Die 31-Jährige wird in Italien verehrt wie keine Sportlerin vor ihr. Olympisches Silber 2004, Gold 2008, sechsfache Weltmeisterin im Freistil, Weltrekorde. „La Pellegrini“ ist die „Königin des Kraulens“ – und sie macht Schwimmen zur Frauensache. „Wir Frauen werden unterschätzt, weil unsere Kultur uns das vorlebt“, flucht sie in Interviews.
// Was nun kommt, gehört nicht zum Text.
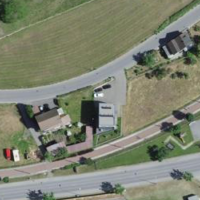
EUNIS habitat code: 54
Species observed at this site:
Achillea millefolium

In Italien gibt es keine einzige Profisportlerin. Den Verbandsrichtlinien zufolge können nur Männer in bestimmten Sportarten Profis werden – und richtig Geld verdienen. Zusammen mit weiteren Sportlerinnen kämpft Pellegrini in der Athletinnenvereinigung „Assist“ nun für ein Gesetz, das das ändert. Und sie bricht ein weiteres Tabu: Sie spricht offen über die Menstruation. „Alles wird im Sport reguliert, optimiert, aber die Menstruation ist ein Tabu. Es gibt nicht einmal Studien dazu. Der Zyklus passt nicht zum Mythos Sportler.“

Federica Pellegrini ist ein Role Model geworden. In Tokio wollte sie eigentlich ihre Karriere beenden. „Mit Gold natürlich“, sagt La Pellegrini, „womit denn sonst?!“ Nun macht sie weiter.